Один из главных исторических мифов Российской империи и СССР — миф о допетровской Руси. Якобы до «пришествия Петра» наша земля прозябала в кромешном мраке, дикости и невежестве: варварские обычаи, звериная жестокость, отсталость решительно во всем. Дескать, не было в Московии XVII века ни нормального управления, ни боеспособной армии, ни флота, ни просвещения, ни светской литературы, ни даже зеркал…Не верьте! Эта черная легенда вымышлена, чтобы доказать «необходимость» жесточайших петровских «реформ», разоривших и обескровивших нашу страну.

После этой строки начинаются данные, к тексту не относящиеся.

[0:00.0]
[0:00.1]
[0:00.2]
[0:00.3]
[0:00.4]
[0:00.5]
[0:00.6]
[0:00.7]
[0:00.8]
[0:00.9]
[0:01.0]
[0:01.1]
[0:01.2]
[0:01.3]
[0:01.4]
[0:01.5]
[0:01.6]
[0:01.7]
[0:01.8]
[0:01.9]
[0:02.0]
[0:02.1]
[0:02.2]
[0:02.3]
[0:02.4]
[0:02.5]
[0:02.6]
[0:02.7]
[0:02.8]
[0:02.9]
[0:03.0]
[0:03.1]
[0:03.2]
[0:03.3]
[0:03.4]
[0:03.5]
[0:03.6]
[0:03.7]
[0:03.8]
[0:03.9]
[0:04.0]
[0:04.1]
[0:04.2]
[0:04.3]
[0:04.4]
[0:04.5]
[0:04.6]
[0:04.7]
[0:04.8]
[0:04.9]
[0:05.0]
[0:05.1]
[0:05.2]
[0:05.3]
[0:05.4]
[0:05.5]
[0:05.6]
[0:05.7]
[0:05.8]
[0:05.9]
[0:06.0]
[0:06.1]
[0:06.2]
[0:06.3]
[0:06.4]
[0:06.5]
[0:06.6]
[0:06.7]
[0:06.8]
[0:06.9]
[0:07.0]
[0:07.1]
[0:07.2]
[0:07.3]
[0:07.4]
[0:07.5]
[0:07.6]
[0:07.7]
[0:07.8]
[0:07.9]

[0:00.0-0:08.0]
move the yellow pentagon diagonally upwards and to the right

На самом деле все, что приписывается Петру, было заведено на Руси задолго до этого бесноватого садиста!В своей сенсационной книге популярный историк доказывает, что XVII столетие было подлинным «золотым веком» Русского государства — гораздо более развитым, богатым, свободным, гораздо ближе к Европе, чем после проклятых петровских «реформ». Если бы не Петр-антихрист, если бы Новомосковское царство не было уничтожено кровавым извергом, мы жили бы теперь в гораздо более счастливом и справедливом мире.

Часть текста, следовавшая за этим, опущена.